▶ [PROVIDED INFORMATION]
========================================
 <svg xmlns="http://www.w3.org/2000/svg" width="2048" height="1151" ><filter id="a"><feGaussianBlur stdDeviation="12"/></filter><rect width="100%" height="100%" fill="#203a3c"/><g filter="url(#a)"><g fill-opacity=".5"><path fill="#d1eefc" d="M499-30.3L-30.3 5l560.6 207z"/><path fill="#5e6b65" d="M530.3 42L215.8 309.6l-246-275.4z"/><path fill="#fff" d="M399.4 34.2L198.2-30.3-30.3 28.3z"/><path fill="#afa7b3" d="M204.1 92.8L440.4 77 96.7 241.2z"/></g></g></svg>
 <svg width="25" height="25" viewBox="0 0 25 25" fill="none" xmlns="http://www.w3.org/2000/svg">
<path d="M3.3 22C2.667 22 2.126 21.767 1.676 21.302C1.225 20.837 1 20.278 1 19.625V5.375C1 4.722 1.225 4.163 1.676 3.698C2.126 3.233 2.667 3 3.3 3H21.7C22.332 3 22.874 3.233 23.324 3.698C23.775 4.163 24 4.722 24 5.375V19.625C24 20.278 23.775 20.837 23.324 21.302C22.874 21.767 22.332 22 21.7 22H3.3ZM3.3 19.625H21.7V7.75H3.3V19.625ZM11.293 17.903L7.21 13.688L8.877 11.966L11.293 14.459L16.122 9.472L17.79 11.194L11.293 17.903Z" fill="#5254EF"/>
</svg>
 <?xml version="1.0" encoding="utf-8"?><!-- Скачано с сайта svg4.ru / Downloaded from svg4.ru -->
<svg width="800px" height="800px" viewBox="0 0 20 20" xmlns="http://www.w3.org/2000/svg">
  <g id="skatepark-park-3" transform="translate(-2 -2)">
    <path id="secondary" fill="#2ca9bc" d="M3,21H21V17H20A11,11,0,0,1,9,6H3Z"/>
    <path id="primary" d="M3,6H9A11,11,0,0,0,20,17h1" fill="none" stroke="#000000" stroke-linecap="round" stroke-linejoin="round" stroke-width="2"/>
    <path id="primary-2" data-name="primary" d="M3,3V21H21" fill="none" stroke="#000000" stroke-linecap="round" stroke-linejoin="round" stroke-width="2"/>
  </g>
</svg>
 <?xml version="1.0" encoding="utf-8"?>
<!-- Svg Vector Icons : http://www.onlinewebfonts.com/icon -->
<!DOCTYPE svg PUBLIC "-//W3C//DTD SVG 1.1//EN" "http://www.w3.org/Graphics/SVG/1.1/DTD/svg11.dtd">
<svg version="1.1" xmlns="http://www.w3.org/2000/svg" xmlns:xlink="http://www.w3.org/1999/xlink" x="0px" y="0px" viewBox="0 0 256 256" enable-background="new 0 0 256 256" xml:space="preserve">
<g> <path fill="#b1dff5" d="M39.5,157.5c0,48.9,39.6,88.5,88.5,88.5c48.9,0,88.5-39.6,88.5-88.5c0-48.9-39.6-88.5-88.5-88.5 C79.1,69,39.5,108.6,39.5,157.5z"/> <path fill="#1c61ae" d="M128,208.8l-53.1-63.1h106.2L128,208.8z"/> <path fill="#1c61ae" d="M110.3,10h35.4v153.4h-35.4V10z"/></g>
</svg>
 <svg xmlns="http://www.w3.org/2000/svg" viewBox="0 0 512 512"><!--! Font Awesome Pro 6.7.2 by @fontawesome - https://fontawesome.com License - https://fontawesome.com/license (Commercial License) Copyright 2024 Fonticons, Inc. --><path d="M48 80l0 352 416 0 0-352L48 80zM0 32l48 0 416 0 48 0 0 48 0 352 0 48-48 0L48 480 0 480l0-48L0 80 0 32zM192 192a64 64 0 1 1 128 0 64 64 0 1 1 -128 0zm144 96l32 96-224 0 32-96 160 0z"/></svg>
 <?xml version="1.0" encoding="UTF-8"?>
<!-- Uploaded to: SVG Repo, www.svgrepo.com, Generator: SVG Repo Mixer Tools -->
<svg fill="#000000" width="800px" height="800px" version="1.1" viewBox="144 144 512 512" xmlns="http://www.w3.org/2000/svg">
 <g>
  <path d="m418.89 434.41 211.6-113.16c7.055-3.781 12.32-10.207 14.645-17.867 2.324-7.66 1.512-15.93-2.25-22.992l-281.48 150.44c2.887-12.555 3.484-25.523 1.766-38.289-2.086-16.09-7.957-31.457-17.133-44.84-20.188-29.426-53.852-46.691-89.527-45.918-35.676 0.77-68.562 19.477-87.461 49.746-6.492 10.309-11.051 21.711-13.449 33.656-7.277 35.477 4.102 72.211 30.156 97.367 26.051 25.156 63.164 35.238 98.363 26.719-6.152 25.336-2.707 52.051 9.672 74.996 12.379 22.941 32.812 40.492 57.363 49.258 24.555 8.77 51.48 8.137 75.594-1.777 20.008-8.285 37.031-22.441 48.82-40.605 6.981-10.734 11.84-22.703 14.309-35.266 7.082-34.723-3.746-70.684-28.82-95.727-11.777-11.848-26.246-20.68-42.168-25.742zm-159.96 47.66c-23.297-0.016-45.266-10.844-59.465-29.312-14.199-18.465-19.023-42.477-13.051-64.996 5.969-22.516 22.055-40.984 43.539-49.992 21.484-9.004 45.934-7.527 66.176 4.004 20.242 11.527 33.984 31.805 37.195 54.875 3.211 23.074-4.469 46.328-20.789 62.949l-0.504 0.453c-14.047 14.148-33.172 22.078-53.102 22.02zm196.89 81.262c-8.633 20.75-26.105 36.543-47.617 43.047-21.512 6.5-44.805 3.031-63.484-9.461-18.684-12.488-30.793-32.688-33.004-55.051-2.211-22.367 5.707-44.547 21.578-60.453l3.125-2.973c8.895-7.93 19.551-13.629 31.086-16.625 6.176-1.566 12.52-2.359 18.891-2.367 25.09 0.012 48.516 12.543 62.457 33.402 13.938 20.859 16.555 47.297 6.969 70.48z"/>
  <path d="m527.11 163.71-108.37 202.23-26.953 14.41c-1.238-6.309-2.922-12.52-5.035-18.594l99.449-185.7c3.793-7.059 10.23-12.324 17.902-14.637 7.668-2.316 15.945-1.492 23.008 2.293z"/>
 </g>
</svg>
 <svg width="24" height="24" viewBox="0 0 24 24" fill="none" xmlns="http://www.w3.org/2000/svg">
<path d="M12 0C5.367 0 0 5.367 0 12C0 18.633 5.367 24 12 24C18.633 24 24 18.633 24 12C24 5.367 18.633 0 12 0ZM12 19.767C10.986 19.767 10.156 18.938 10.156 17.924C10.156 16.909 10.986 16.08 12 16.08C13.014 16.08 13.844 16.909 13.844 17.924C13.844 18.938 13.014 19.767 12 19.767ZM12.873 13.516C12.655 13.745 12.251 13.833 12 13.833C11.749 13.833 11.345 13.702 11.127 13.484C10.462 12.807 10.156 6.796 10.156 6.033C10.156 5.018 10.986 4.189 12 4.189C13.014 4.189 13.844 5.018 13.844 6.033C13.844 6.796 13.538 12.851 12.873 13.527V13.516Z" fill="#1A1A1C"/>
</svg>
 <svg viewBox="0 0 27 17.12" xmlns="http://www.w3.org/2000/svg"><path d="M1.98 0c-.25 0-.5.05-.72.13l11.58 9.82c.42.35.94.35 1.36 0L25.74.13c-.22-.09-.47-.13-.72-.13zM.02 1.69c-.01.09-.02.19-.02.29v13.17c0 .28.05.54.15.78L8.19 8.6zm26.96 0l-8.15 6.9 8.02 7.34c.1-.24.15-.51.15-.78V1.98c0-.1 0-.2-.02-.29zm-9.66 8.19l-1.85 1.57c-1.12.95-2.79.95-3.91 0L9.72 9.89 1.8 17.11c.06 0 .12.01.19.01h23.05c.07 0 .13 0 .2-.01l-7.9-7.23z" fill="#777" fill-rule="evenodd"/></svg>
========================================
▶ [AIM OF THE EXERCISE] Please make an exact copy of each record.

▶ [ANSWER BOX]
 <svg xmlns="http://www.w3.org/2000/svg" width="2048" height="1151" ><filter id="a"><feGaussianBlur stdDeviation="12"/></filter><rect width="100%" height="100%" fill="#203a3c"/><g filter="url(#a)"><g fill-opacity=".5"><path fill="#d1eefc" d="M499-30.3L-30.3 5l560.6 207z"/><path fill="#5e6b65" d="M530.3 42L215.8 309.6l-246-275.4z"/><path fill="#fff" d="M399.4 34.2L198.2-30.3-30.3 28.3z"/><path fill="#afa7b3" d="M204.1 92.8L440.4 77 96.7 241.2z"/></g></g></svg>
 <svg width="25" height="25" viewBox="0 0 25 25" fill="none" xmlns="http://www.w3.org/2000/svg">
<path d="M3.3 22C2.667 22 2.126 21.767 1.676 21.302C1.225 20.837 1 20.278 1 19.625V5.375C1 4.722 1.225 4.163 1.676 3.698C2.126 3.233 2.667 3 3.3 3H21.7C22.332 3 22.874 3.233 23.324 3.698C23.775 4.163 24 4.722 24 5.375V19.625C24 20.278 23.775 20.837 23.324 21.302C22.874 21.767 22.332 22 21.7 22H3.3ZM3.3 19.625H21.7V7.75H3.3V19.625ZM11.293 17.903L7.21 13.688L8.877 11.966L11.293 14.459L16.122 9.472L17.79 11.194L11.293 17.903Z" fill="#5254EF"/>
</svg>
 <?xml version="1.0" encoding="utf-8"?><!-- Скачано с сайта svg4.ru / Downloaded from svg4.ru -->
<svg width="800px" height="800px" viewBox="0 0 20 20" xmlns="http://www.w3.org/2000/svg">
  <g id="skatepark-park-3" transform="translate(-2 -2)">
    <path id="secondary" fill="#2ca9bc" d="M3,21H21V17H20A11,11,0,0,1,9,6H3Z"/>
    <path id="primary" d="M3,6H9A11,11,0,0,0,20,17h1" fill="none" stroke="#000000" stroke-linecap="round" stroke-linejoin="round" stroke-width="2"/>
    <path id="primary-2" data-name="primary" d="M3,3V21H21" fill="none" stroke="#000000" stroke-linecap="round" stroke-linejoin="round" stroke-width="2"/>
  </g>
</svg>
 <?xml version="1.0" encoding="utf-8"?>
<!-- Svg Vector Icons : http://www.onlinewebfonts.com/icon -->
<!DOCTYPE svg PUBLIC "-//W3C//DTD SVG 1.1//EN" "http://www.w3.org/Graphics/SVG/1.1/DTD/svg11.dtd">
<svg version="1.1" xmlns="http://www.w3.org/2000/svg" xmlns:xlink="http://www.w3.org/1999/xlink" x="0px" y="0px" viewBox="0 0 256 256" enable-background="new 0 0 256 256" xml:space="preserve">
<g> <path fill="#b1dff5" d="M39.5,157.5c0,48.9,39.6,88.5,88.5,88.5c48.9,0,88.5-39.6,88.5-88.5c0-48.9-39.6-88.5-88.5-88.5 C79.1,69,39.5,108.6,39.5,157.5z"/> <path fill="#1c61ae" d="M128,208.8l-53.1-63.1h106.2L128,208.8z"/> <path fill="#1c61ae" d="M110.3,10h35.4v153.4h-35.4V10z"/></g>
</svg>
 <svg xmlns="http://www.w3.org/2000/svg" viewBox="0 0 512 512"><!--! Font Awesome Pro 6.7.2 by @fontawesome - https://fontawesome.com License - https://fontawesome.com/license (Commercial License) Copyright 2024 Fonticons, Inc. --><path d="M48 80l0 352 416 0 0-352L48 80zM0 32l48 0 416 0 48 0 0 48 0 352 0 48-48 0L48 480 0 480l0-48L0 80 0 32zM192 192a64 64 0 1 1 128 0 64 64 0 1 1 -128 0zm144 96l32 96-224 0 32-96 160 0z"/></svg>
 <?xml version="1.0" encoding="UTF-8"?>
<!-- Uploaded to: SVG Repo, www.svgrepo.com, Generator: SVG Repo Mixer Tools -->
<svg fill="#000000" width="800px" height="800px" version="1.1" viewBox="144 144 512 512" xmlns="http://www.w3.org/2000/svg">
 <g>
  <path d="m418.89 434.41 211.6-113.16c7.055-3.781 12.32-10.207 14.645-17.867 2.324-7.66 1.512-15.93-2.25-22.992l-281.48 150.44c2.887-12.555 3.484-25.523 1.766-38.289-2.086-16.09-7.957-31.457-17.133-44.84-20.188-29.426-53.852-46.691-89.527-45.918-35.676 0.77-68.562 19.477-87.461 49.746-6.492 10.309-11.051 21.711-13.449 33.656-7.277 35.477 4.102 72.211 30.156 97.367 26.051 25.156 63.164 35.238 98.363 26.719-6.152 25.336-2.707 52.051 9.672 74.996 12.379 22.941 32.812 40.492 57.363 49.258 24.555 8.77 51.48 8.137 75.594-1.777 20.008-8.285 37.031-22.441 48.82-40.605 6.981-10.734 11.84-22.703 14.309-35.266 7.082-34.723-3.746-70.684-28.82-95.727-11.777-11.848-26.246-20.68-42.168-25.742zm-159.96 47.66c-23.297-0.016-45.266-10.844-59.465-29.312-14.199-18.465-19.023-42.477-13.051-64.996 5.969-22.516 22.055-40.984 43.539-49.992 21.484-9.004 45.934-7.527 66.176 4.004 20.242 11.527 33.984 31.805 37.195 54.875 3.211 23.074-4.469 46.328-20.789 62.949l-0.504 0.453c-14.047 14.148-33.172 22.078-53.102 22.02zm196.89 81.262c-8.633 20.75-26.105 36.543-47.617 43.047-21.512 6.5-44.805 3.031-63.484-9.461-18.684-12.488-30.793-32.688-33.004-55.051-2.211-22.367 5.707-44.547 21.578-60.453l3.125-2.973c8.895-7.93 19.551-13.629 31.086-16.625 6.176-1.566 12.52-2.359 18.891-2.367 25.09 0.012 48.516 12.543 62.457 33.402 13.938 20.859 16.555 47.297 6.969 70.48z"/>
  <path d="m527.11 163.71-108.37 202.23-26.953 14.41c-1.238-6.309-2.922-12.52-5.035-18.594l99.449-185.7c3.793-7.059 10.23-12.324 17.902-14.637 7.668-2.316 15.945-1.492 23.008 2.293z"/>
 </g>
</svg>
 <svg width="24" height="24" viewBox="0 0 24 24" fill="none" xmlns="http://www.w3.org/2000/svg">
<path d="M12 0C5.367 0 0 5.367 0 12C0 18.633 5.367 24 12 24C18.633 24 24 18.633 24 12C24 5.367 18.633 0 12 0ZM12 19.767C10.986 19.767 10.156 18.938 10.156 17.924C10.156 16.909 10.986 16.08 12 16.08C13.014 16.08 13.844 16.909 13.844 17.924C13.844 18.938 13.014 19.767 12 19.767ZM12.873 13.516C12.655 13.745 12.251 13.833 12 13.833C11.749 13.833 11.345 13.702 11.127 13.484C10.462 12.807 10.156 6.796 10.156 6.033C10.156 5.018 10.986 4.189 12 4.189C13.014 4.189 13.844 5.018 13.844 6.033C13.844 6.796 13.538 12.851 12.873 13.527V13.516Z" fill="#1A1A1C"/>
</svg>
 <svg viewBox="0 0 27 17.12" xmlns="http://www.w3.org/2000/svg"><path d="M1.98 0c-.25 0-.5.05-.72.13l11.58 9.82c.42.35.94.35 1.36 0L25.74.13c-.22-.09-.47-.13-.72-.13zM.02 1.69c-.01.09-.02.19-.02.29v13.17c0 .28.05.54.15.78L8.19 8.6zm26.96 0l-8.15 6.9 8.02 7.34c.1-.24.15-.51.15-.78V1.98c0-.1 0-.2-.02-.29zm-9.66 8.19l-1.85 1.57c-1.12.95-2.79.95-3.91 0L9.72 9.89 1.8 17.11c.06 0 .12.01.19.01h23.05c.07 0 .13 0 .2-.01l-7.9-7.23z" fill="#777" fill-rule="evenodd"/></svg>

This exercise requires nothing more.